━━ Data for processing

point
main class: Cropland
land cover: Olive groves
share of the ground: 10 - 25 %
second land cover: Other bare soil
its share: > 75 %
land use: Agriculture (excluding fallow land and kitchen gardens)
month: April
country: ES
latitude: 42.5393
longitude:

━━━━

Assigned task — What's needed is an exact copy of every entry.

Response area —
point
main class: Cropland
land cover: Olive groves
share of the ground: 10 - 25 %
second land cover: Other bare soil
its share: > 75 %
land use: Agriculture (excluding fallow land and kitchen gardens)
month: April
country: ES
latitude: 42.5393
longitude:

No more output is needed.